*Assignment*: Copy exactly, and only, the lines between the start of the entries below and the line containing "19.323C27.274 18.608 26.301", both inclusive. Omit pictures.

========

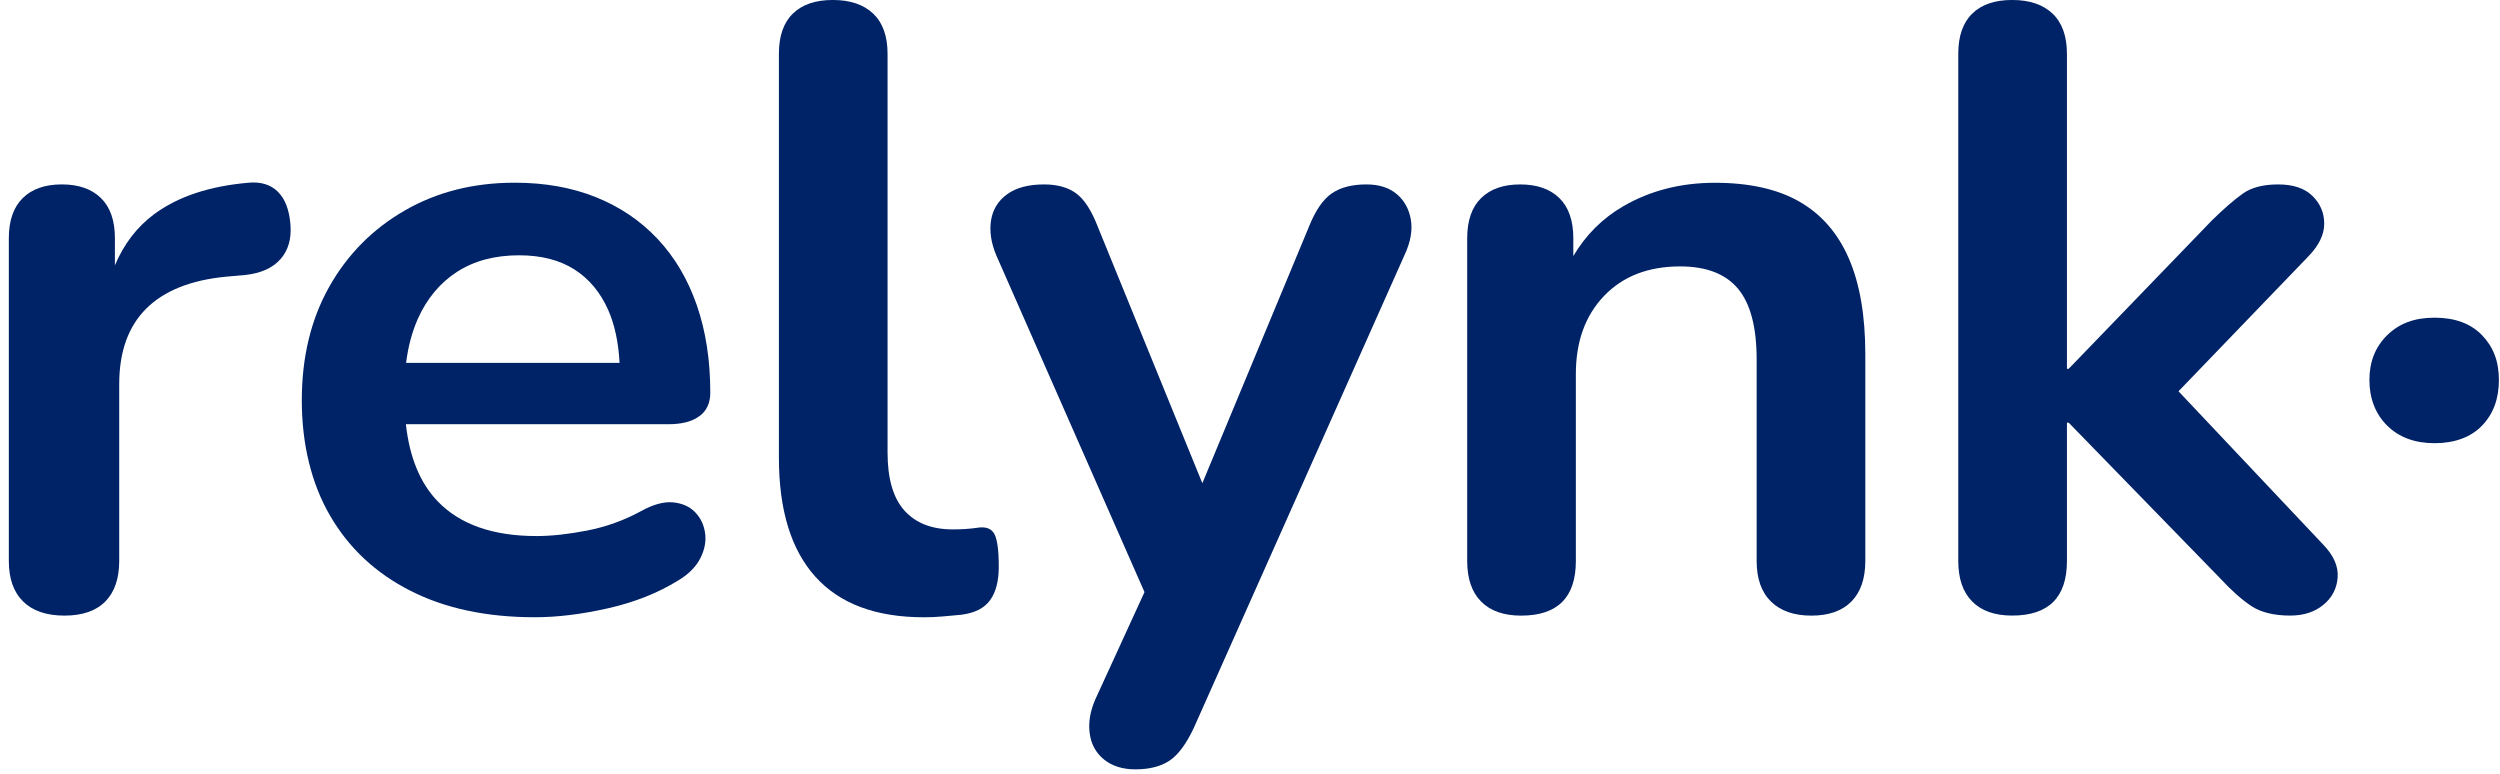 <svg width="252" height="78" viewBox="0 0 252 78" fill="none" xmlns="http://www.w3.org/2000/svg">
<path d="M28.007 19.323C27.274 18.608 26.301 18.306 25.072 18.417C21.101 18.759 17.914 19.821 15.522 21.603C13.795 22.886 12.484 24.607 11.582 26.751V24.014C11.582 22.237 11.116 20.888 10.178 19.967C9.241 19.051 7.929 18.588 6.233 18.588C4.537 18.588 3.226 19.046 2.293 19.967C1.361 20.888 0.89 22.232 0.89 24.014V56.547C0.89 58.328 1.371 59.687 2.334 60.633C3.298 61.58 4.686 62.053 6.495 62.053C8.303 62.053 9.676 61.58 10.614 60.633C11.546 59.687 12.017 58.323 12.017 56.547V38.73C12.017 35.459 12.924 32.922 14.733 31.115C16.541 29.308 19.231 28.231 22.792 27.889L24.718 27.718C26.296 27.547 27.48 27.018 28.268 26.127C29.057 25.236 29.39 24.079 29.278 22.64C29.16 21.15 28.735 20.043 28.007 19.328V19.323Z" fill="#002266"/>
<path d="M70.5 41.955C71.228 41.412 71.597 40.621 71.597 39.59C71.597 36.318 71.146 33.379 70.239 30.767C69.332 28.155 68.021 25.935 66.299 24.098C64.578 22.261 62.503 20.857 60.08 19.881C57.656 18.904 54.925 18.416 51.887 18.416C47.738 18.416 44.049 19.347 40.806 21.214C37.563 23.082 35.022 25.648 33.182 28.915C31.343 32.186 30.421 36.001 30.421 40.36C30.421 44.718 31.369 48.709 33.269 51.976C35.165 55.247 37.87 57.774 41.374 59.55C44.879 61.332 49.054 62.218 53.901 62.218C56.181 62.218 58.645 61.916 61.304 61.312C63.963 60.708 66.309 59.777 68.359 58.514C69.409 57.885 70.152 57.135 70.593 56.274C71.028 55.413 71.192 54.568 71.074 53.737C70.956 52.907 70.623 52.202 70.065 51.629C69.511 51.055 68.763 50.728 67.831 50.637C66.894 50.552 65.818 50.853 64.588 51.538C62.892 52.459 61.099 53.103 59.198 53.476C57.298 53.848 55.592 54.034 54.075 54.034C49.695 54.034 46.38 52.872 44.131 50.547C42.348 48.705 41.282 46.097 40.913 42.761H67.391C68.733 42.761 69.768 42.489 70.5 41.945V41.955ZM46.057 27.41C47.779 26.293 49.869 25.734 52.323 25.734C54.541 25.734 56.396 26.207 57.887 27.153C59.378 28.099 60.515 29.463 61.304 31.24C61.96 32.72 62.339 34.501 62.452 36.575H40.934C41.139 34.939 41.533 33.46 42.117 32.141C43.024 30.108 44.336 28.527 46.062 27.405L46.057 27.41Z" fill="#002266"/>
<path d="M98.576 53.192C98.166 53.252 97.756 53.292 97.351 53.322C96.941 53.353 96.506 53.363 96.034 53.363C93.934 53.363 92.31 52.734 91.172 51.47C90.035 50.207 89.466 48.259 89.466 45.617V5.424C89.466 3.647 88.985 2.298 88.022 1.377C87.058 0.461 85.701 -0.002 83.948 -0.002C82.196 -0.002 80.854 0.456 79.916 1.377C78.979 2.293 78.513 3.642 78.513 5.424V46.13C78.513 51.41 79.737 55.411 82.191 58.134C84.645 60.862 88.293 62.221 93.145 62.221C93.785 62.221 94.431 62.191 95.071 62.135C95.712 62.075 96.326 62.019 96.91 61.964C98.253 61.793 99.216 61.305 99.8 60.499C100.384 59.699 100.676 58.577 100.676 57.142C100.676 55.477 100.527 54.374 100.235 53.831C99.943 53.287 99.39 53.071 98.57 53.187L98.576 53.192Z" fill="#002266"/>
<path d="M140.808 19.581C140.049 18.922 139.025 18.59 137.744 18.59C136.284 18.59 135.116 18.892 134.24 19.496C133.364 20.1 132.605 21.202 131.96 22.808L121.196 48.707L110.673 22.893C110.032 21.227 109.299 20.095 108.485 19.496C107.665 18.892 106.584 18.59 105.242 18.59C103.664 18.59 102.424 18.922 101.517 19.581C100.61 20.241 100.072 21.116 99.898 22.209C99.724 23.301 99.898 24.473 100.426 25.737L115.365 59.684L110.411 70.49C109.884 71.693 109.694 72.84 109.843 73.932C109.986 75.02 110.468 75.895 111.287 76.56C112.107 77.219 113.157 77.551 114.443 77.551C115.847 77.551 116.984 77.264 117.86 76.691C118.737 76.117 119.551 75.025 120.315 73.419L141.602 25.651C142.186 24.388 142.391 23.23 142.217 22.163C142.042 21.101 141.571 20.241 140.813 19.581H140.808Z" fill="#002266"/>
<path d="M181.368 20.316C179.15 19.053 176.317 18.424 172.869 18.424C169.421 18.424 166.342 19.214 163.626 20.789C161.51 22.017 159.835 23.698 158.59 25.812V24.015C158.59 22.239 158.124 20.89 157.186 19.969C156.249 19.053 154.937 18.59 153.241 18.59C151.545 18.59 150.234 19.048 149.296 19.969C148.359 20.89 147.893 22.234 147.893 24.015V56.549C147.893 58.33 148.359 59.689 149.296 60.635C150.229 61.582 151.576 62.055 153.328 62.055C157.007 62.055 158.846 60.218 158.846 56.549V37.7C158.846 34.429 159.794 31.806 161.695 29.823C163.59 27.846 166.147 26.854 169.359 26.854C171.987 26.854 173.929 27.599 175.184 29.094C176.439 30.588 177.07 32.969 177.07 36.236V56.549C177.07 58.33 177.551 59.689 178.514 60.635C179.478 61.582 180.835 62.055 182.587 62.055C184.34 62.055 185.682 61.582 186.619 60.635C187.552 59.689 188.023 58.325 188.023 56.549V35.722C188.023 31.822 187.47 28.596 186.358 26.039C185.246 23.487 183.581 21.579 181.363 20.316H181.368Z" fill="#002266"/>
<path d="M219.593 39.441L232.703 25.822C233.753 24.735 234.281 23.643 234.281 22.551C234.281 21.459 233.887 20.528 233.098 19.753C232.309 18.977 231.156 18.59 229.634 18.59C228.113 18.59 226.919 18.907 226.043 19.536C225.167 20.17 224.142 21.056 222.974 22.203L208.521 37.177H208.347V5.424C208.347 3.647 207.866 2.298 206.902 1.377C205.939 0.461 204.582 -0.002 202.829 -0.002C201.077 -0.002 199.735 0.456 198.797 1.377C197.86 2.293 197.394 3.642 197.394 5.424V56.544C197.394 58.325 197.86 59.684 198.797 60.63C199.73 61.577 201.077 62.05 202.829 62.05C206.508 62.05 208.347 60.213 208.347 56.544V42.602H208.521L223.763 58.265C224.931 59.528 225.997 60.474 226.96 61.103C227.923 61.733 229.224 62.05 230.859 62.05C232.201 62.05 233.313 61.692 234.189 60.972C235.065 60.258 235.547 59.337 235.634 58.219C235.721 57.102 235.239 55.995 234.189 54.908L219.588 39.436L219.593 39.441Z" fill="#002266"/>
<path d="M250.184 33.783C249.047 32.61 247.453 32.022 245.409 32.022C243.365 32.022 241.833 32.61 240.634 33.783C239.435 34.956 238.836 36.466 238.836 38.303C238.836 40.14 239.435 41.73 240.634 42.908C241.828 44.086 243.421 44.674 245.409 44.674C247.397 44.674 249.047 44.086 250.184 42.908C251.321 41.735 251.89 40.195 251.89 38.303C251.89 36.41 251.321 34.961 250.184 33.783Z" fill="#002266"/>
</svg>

========

*Reply*:
 <svg width="252" height="78" viewBox="0 0 252 78" fill="none" xmlns="http://www.w3.org/2000/svg">
<path d="M28.007 19.323C27.274 18.608 26.301 18.306 25.072 18.417C21.101 18.759 17.914 19.821 15.522 21.603C13.795 22.886 12.484 24.607 11.582 26.751V24.014C11.582 22.237 11.116 20.888 10.178 19.967C9.241 19.051 7.929 18.588 6.233 18.588C4.537 18.588 3.226 19.046 2.293 19.967C1.361 20.888 0.89 22.232 0.89 24.014V56.547C0.89 58.328 1.371 59.687 2.334 60.633C3.298 61.58 4.686 62.053 6.495 62.053C8.303 62.053 9.676 61.58 10.614 60.633C11.546 59.687 12.017 58.323 12.017 56.547V38.73C12.017 35.459 12.924 32.922 14.733 31.115C16.541 29.308 19.231 28.231 22.792 27.889L24.718 27.718C26.296 27.547 27.48 27.018 28.268 26.127C29.057 25.236 29.39 24.079 29.278 22.64C29.16 21.15 28.735 20.043 28.007 19.328V19.323Z" fill="#002266"/>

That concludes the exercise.